Dataset entries
╔══
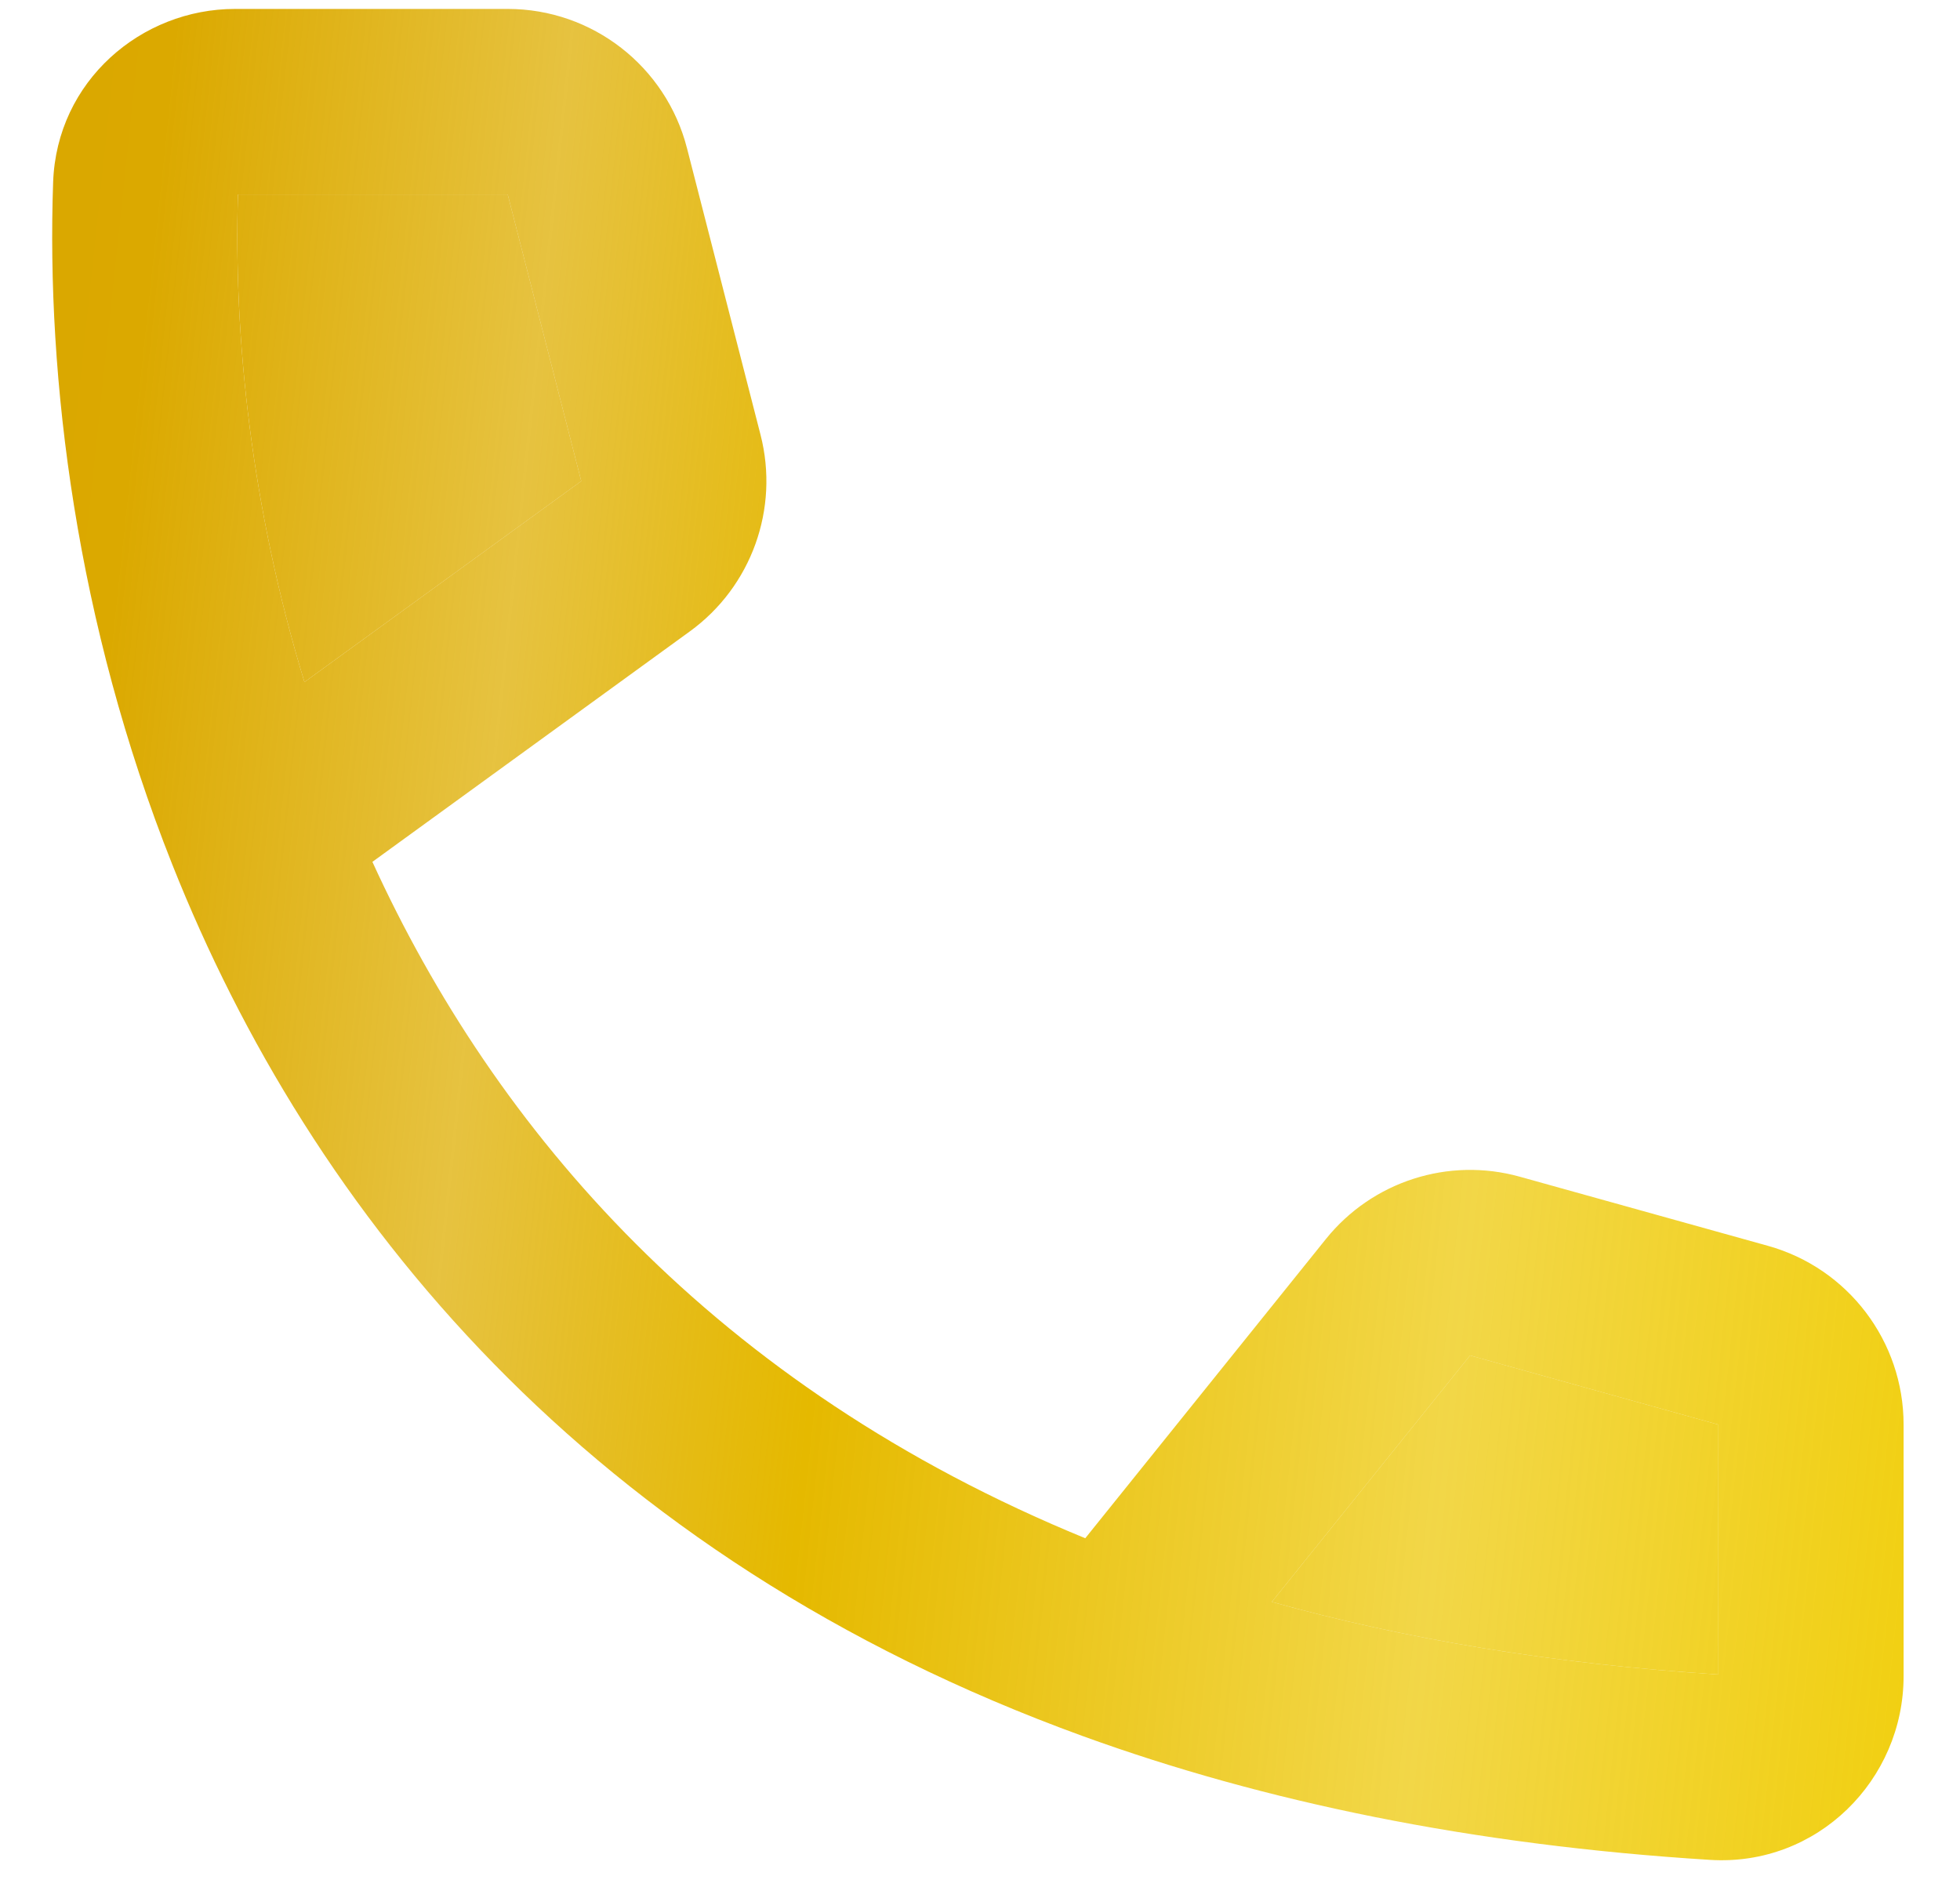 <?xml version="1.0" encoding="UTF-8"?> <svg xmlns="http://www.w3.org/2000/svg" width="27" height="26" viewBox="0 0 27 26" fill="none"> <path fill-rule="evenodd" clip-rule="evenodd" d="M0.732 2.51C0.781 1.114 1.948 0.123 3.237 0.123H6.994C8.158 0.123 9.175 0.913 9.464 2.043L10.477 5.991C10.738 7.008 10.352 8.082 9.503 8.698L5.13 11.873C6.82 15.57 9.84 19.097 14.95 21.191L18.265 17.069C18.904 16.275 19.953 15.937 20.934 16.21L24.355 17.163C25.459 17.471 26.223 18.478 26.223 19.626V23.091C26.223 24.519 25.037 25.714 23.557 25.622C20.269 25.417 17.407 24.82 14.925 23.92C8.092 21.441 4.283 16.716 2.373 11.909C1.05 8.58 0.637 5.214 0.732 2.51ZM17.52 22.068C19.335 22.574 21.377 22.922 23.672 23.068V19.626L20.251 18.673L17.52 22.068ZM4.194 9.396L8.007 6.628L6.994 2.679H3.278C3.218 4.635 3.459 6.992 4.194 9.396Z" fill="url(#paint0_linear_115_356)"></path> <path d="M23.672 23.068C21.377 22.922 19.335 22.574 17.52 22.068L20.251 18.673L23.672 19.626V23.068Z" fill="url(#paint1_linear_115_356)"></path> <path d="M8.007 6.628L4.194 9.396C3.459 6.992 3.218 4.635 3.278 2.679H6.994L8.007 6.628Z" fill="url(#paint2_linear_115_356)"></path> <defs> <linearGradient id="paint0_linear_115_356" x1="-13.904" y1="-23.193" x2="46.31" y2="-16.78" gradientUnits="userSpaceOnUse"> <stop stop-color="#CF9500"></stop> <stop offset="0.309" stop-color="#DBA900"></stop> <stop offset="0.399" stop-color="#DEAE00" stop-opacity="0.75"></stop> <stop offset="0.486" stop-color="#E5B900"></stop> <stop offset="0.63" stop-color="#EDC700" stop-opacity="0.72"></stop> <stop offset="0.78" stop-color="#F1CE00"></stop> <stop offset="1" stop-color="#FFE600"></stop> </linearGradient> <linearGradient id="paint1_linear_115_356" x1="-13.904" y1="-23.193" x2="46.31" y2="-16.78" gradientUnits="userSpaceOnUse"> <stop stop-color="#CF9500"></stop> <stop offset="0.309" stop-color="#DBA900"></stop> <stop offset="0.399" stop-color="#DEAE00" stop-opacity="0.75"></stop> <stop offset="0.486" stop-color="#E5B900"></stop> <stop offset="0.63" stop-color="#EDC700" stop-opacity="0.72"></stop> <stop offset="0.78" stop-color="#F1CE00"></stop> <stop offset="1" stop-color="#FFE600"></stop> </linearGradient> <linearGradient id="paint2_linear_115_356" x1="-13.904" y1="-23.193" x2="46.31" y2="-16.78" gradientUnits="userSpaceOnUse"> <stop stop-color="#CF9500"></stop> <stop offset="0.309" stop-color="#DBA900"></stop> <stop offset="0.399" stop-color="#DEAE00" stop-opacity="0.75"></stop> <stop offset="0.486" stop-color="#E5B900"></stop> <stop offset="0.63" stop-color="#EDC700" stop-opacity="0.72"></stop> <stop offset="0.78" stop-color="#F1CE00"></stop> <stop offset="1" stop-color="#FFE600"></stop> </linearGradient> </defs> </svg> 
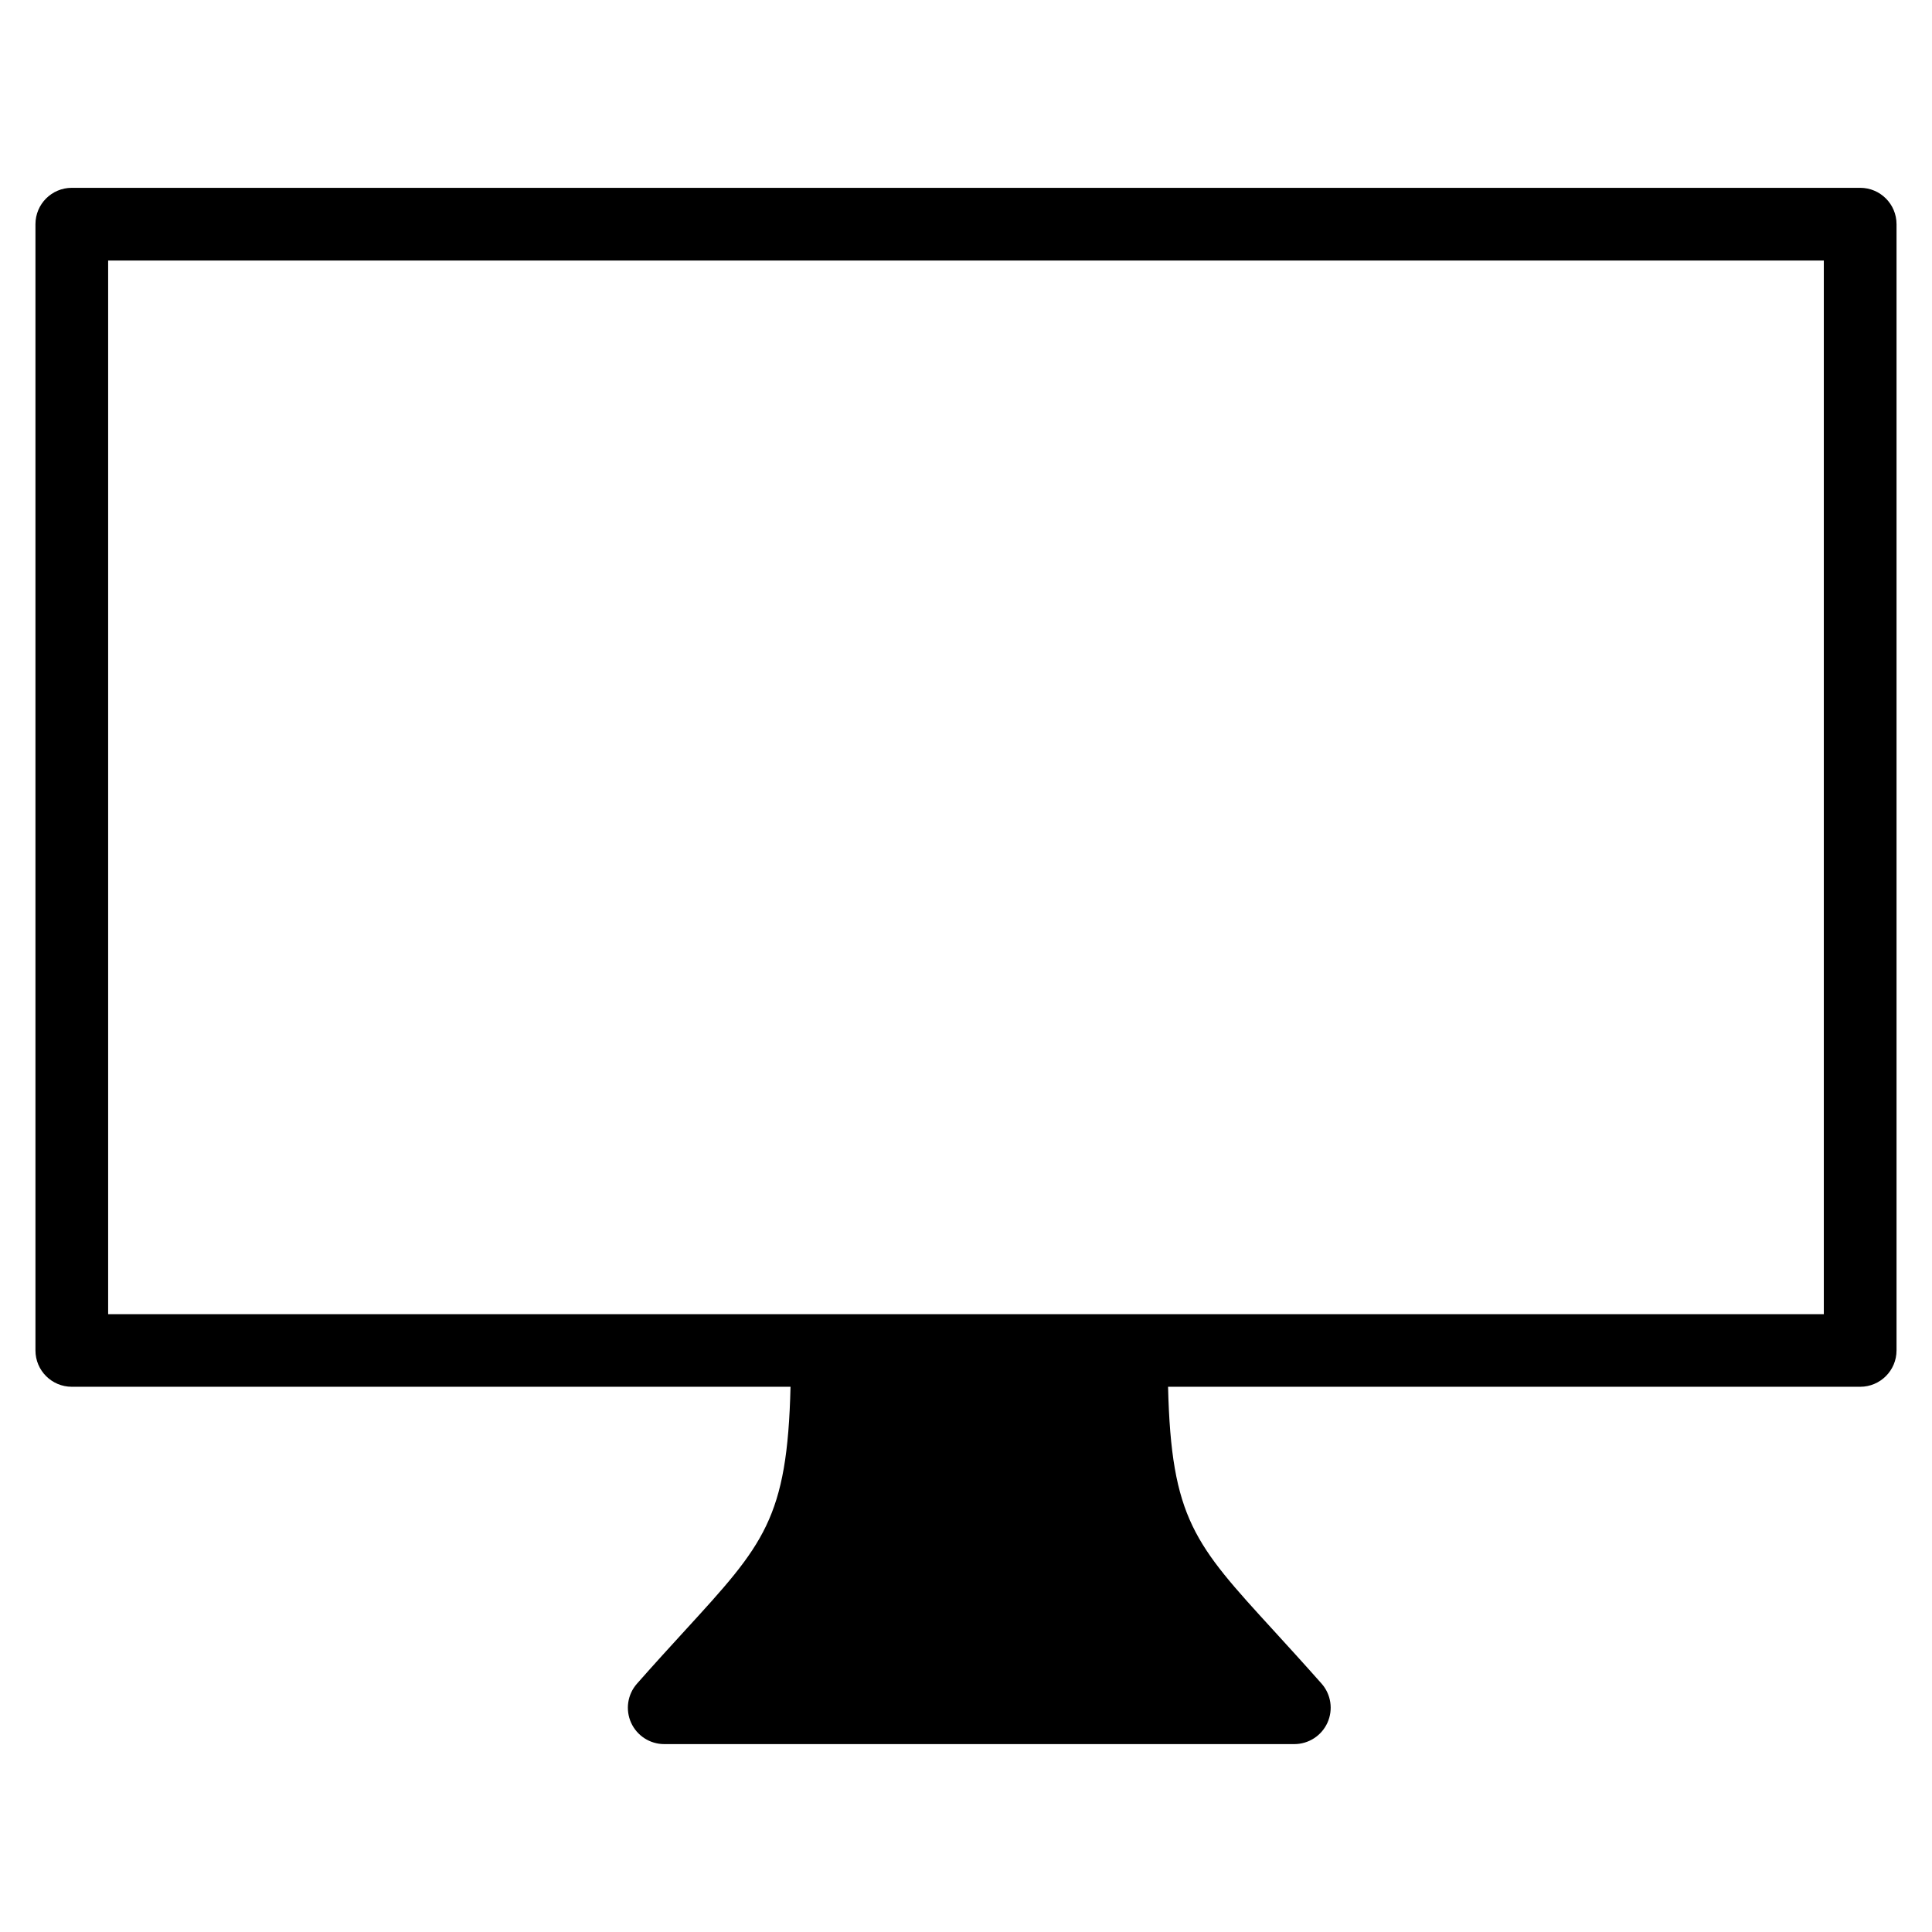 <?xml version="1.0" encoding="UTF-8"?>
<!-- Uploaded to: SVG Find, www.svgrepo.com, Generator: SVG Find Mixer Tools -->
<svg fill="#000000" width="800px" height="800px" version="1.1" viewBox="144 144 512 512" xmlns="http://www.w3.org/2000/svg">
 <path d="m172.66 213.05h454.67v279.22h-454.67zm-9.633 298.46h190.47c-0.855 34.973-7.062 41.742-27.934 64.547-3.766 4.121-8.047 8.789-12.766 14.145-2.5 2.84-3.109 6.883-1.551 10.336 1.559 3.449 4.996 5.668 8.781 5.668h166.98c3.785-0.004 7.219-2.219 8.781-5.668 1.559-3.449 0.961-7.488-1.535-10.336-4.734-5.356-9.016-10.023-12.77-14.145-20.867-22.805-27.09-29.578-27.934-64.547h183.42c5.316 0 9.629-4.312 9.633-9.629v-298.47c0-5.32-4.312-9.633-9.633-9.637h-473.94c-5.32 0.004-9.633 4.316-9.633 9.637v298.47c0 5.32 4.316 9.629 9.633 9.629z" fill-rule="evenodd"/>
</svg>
╚══
**TASK DESCRIPTION**. What is needed is an exact printout of all the entries, without the pictures.

**ANSWER BOX**.
 <?xml version="1.0" encoding="UTF-8"?> <svg xmlns="http://www.w3.org/2000/svg" width="27" height="26" viewBox="0 0 27 26" fill="none"> <path fill-rule="evenodd" clip-rule="evenodd" d="M0.732 2.51C0.781 1.114 1.948 0.123 3.237 0.123H6.994C8.158 0.123 9.175 0.913 9.464 2.043L10.477 5.991C10.738 7.008 10.352 8.082 9.503 8.698L5.13 11.873C6.82 15.57 9.84 19.097 14.95 21.191L18.265 17.069C18.904 16.275 19.953 15.937 20.934 16.21L24.355 17.163C25.459 17.471 26.223 18.478 26.223 19.626V23.091C26.223 24.519 25.037 25.714 23.557 25.622C20.269 25.417 17.407 24.82 14.925 23.92C8.092 21.441 4.283 16.716 2.373 11.909C1.05 8.58 0.637 5.214 0.732 2.51ZM17.52 22.068C19.335 22.574 21.377 22.922 23.672 23.068V19.626L20.251 18.673L17.52 22.068ZM4.194 9.396L8.007 6.628L6.994 2.679H3.278C3.218 4.635 3.459 6.992 4.194 9.396Z" fill="url(#paint0_linear_115_356)"></path> <path d="M23.672 23.068C21.377 22.922 19.335 22.574 17.52 22.068L20.251 18.673L23.672 19.626V23.068Z" fill="url(#paint1_linear_115_356)"></path> <path d="M8.007 6.628L4.194 9.396C3.459 6.992 3.218 4.635 3.278 2.679H6.994L8.007 6.628Z" fill="url(#paint2_linear_115_356)"></path> <defs> <linearGradient id="paint0_linear_115_356" x1="-13.904" y1="-23.193" x2="46.31" y2="-16.78" gradientUnits="userSpaceOnUse"> <stop stop-color="#CF9500"></stop> <stop offset="0.309" stop-color="#DBA900"></stop> <stop offset="0.399" stop-color="#DEAE00" stop-opacity="0.75"></stop> <stop offset="0.486" stop-color="#E5B900"></stop> <stop offset="0.63" stop-color="#EDC700" stop-opacity="0.72"></stop> <stop offset="0.78" stop-color="#F1CE00"></stop> <stop offset="1" stop-color="#FFE600"></stop> </linearGradient> <linearGradient id="paint1_linear_115_356" x1="-13.904" y1="-23.193" x2="46.31" y2="-16.78" gradientUnits="userSpaceOnUse"> <stop stop-color="#CF9500"></stop> <stop offset="0.309" stop-color="#DBA900"></stop> <stop offset="0.399" stop-color="#DEAE00" stop-opacity="0.75"></stop> <stop offset="0.486" stop-color="#E5B900"></stop> <stop offset="0.63" stop-color="#EDC700" stop-opacity="0.72"></stop> <stop offset="0.78" stop-color="#F1CE00"></stop> <stop offset="1" stop-color="#FFE600"></stop> </linearGradient> <linearGradient id="paint2_linear_115_356" x1="-13.904" y1="-23.193" x2="46.31" y2="-16.78" gradientUnits="userSpaceOnUse"> <stop stop-color="#CF9500"></stop> <stop offset="0.309" stop-color="#DBA900"></stop> <stop offset="0.399" stop-color="#DEAE00" stop-opacity="0.75"></stop> <stop offset="0.486" stop-color="#E5B900"></stop> <stop offset="0.63" stop-color="#EDC700" stop-opacity="0.72"></stop> <stop offset="0.78" stop-color="#F1CE00"></stop> <stop offset="1" stop-color="#FFE600"></stop> </linearGradient> </defs> </svg> 
 <?xml version="1.0" encoding="UTF-8"?>
<!-- Uploaded to: SVG Find, www.svgrepo.com, Generator: SVG Find Mixer Tools -->
<svg fill="#000000" width="800px" height="800px" version="1.1" viewBox="144 144 512 512" xmlns="http://www.w3.org/2000/svg">
 <path d="m172.66 213.05h454.67v279.22h-454.67zm-9.633 298.46h190.47c-0.855 34.973-7.062 41.742-27.934 64.547-3.766 4.121-8.047 8.789-12.766 14.145-2.5 2.84-3.109 6.883-1.551 10.336 1.559 3.449 4.996 5.668 8.781 5.668h166.98c3.785-0.004 7.219-2.219 8.781-5.668 1.559-3.449 0.961-7.488-1.535-10.336-4.734-5.356-9.016-10.023-12.77-14.145-20.867-22.805-27.09-29.578-27.934-64.547h183.42c5.316 0 9.629-4.312 9.633-9.629v-298.47c0-5.32-4.312-9.633-9.633-9.637h-473.94c-5.32 0.004-9.633 4.316-9.633 9.637v298.47c0 5.32 4.316 9.629 9.633 9.629z" fill-rule="evenodd"/>
</svg>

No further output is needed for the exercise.